UTF-8: how to cut bytes

UTF-8 is a variable-width encoding. One character can be encoded by one, two, three or four bytes. That means that you can't start reading a utf8-encoded string from any bite; that can accidentally break a character:

In : lion = 'Löwe'
In : lion.encode('utf-8')[2:]
Out: b'\xb6we'
In : lion.encode('utf-8')[2:].decode('utf-8')
...
UnicodeDecodeError: 'utf-8' codec can't decode byte 0xb6 in position 0: invalid start byte

This also means that to skip the first N characters of a string you can read and decode them, calculating offset upfront is not possible.
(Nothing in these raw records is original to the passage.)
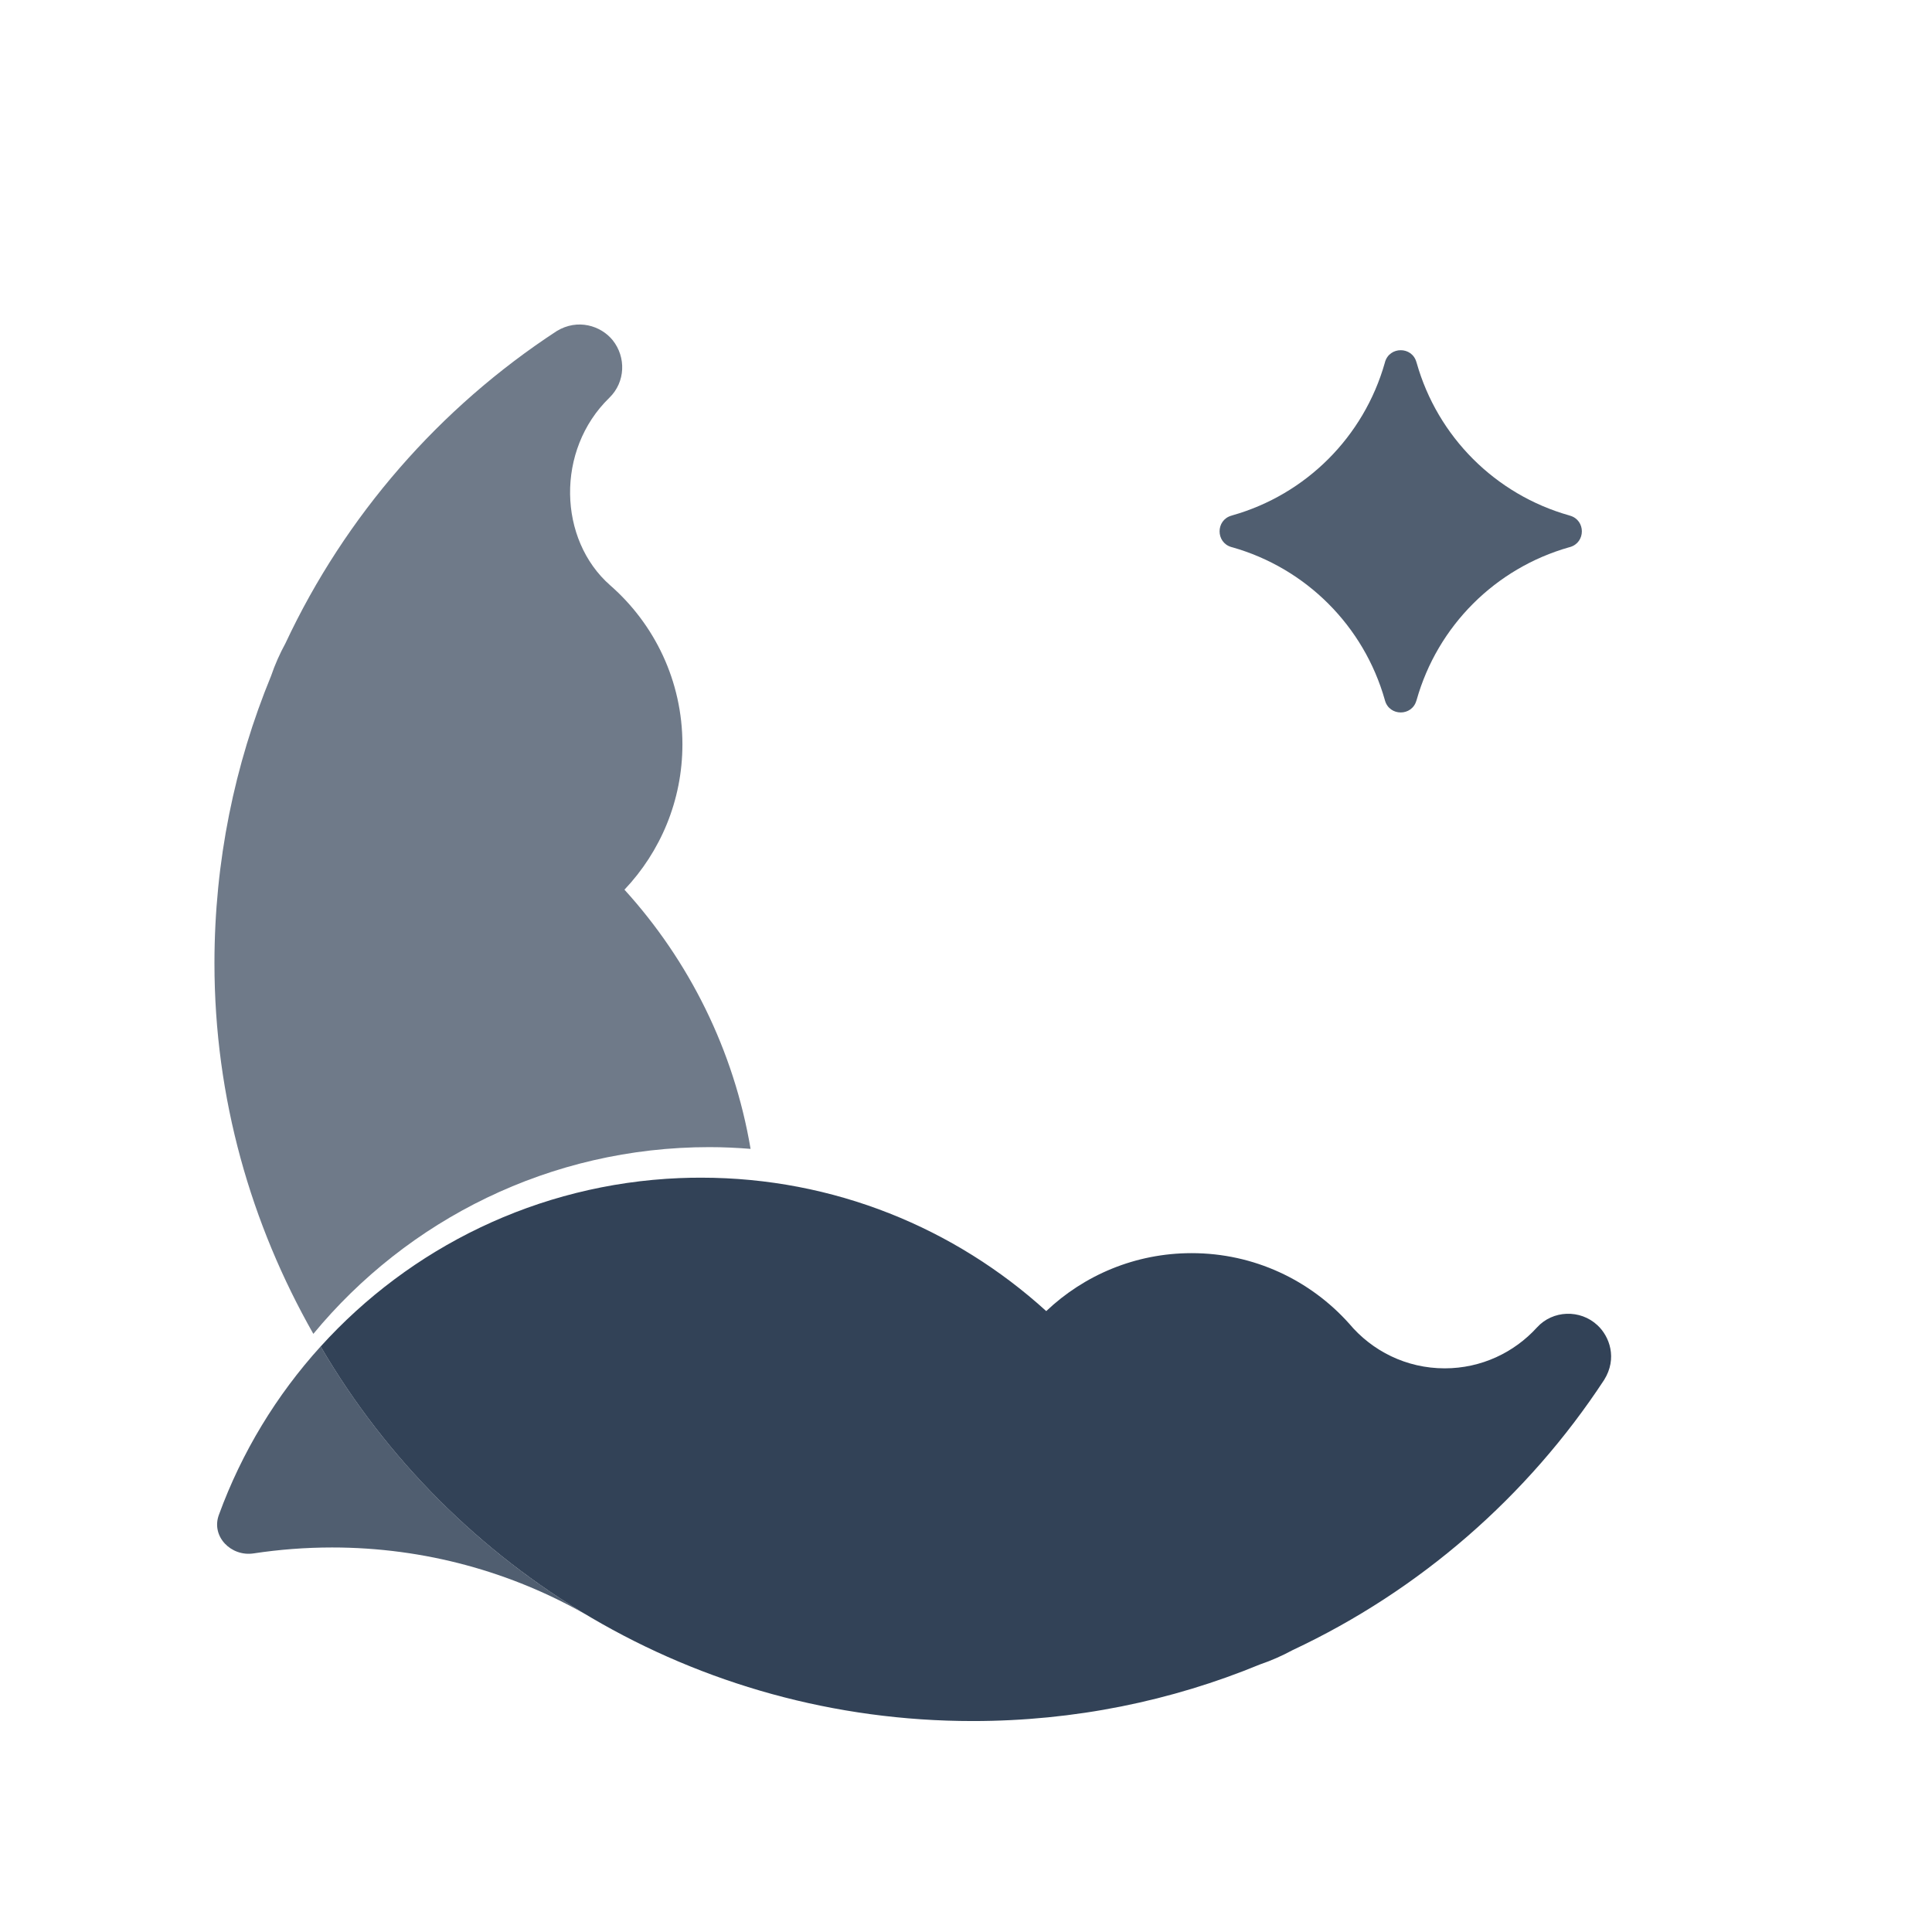 <svg width="32" height="32" viewBox="0 0 32 32" fill="none" xmlns="http://www.w3.org/2000/svg">
<path opacity="0.85" d="M5.311 22.301C4.581 23.106 4.004 24.052 3.625 25.092C3.494 25.449 3.827 25.787 4.202 25.729C4.625 25.665 5.059 25.631 5.501 25.631C7.039 25.631 8.483 26.04 9.728 26.755C7.905 25.67 6.381 24.134 5.311 22.301Z" fill="#324257"/>
<path d="M25.457 21.987C25.079 22.402 24.535 22.664 23.929 22.664C23.293 22.664 22.725 22.376 22.346 21.923C21.705 21.207 20.774 20.756 19.737 20.756C18.804 20.756 17.956 21.121 17.329 21.716C15.819 20.343 13.813 19.506 11.612 19.506C11.493 19.506 11.374 19.508 11.257 19.513C11.256 19.513 11.255 19.513 11.254 19.513C8.899 19.611 6.791 20.667 5.311 22.302C7.478 26.013 11.504 28.506 16.112 28.506C17.797 28.506 19.404 28.173 20.87 27.568C21.058 27.504 21.238 27.424 21.41 27.331C23.517 26.343 25.304 24.785 26.57 22.855C26.792 22.498 26.659 22.136 26.46 21.951C26.174 21.683 25.718 21.699 25.457 21.987Z" fill="#324257"/>
<path opacity="0.7" d="M9.222 5.483C9.568 5.273 9.952 5.393 10.148 5.635C10.372 5.915 10.361 6.328 10.092 6.589C9.202 7.454 9.245 8.939 10.107 9.695C10.84 10.336 11.303 11.279 11.303 12.329C11.303 13.261 10.937 14.109 10.343 14.736C11.413 15.913 12.155 17.392 12.432 19.029C12.207 19.011 11.979 19 11.75 19C9.109 19 6.749 20.204 5.19 22.093C4.158 20.277 3.552 18.193 3.552 15.954C3.552 14.269 3.886 12.662 4.49 11.195C4.554 11.007 4.634 10.827 4.728 10.655C5.718 8.541 7.283 6.75 9.222 5.483Z" fill="#324257"/>
<path opacity="0.85" d="M22.939 6C22.94 5.998 22.94 5.997 22.94 5.997C23.015 5.735 23.386 5.735 23.46 5.997C23.46 5.997 23.461 5.998 23.461 6C23.462 6.004 23.463 6.007 23.464 6.009C23.81 7.233 24.767 8.191 25.992 8.537C25.994 8.538 25.997 8.539 26.001 8.54C26.003 8.54 26.003 8.541 26.004 8.541C26.266 8.615 26.266 8.986 26.004 9.061C26.003 9.061 26.003 9.061 26.001 9.062C25.997 9.063 25.994 9.064 25.992 9.064C24.767 9.411 23.81 10.368 23.464 11.593C23.463 11.595 23.462 11.597 23.461 11.602C23.461 11.603 23.46 11.604 23.46 11.604C23.386 11.866 23.015 11.866 22.94 11.604C22.94 11.604 22.94 11.603 22.939 11.602C22.938 11.597 22.937 11.595 22.937 11.593C22.59 10.368 21.633 9.411 20.408 9.064C20.406 9.064 20.404 9.063 20.399 9.062C20.398 9.061 20.397 9.061 20.396 9.061C20.135 8.986 20.135 8.615 20.396 8.541C20.397 8.541 20.398 8.54 20.399 8.54C20.404 8.539 20.406 8.538 20.408 8.537C21.633 8.191 22.59 7.233 22.937 6.009C22.937 6.007 22.938 6.004 22.939 6Z" fill="#324257"/>
</svg>

You can, however, skip some fixed number of bytes with some precautions. Let's look how a symbol can be decoded:

0xxxxxxx
110xxxxx 10xxxxxx
1110xxxx 10xxxxxx 10xxxxxx
11110xxx 10xxxxxx 10xxxxxx 10xxxxxx

As you can see, the byte is the leading byte of a character unless it's 10xxxxxx. Such non-leading bytes are called continuation bytes. Let's skip them:

def cut_bytes(s, n):
    result = s.encode('utf-8')[n:]
    mask = int('11000000', 2)
    conbyte = int('10000000', 2)
    while result[0] and result[0] & mask == conbyte:
        result = result[1:]

    return result.decode('utf-8')
In : cut_bytes(lion, 2)
Out: 'we'
In : cut_bytes(lion, 1)
Out: 'öwe'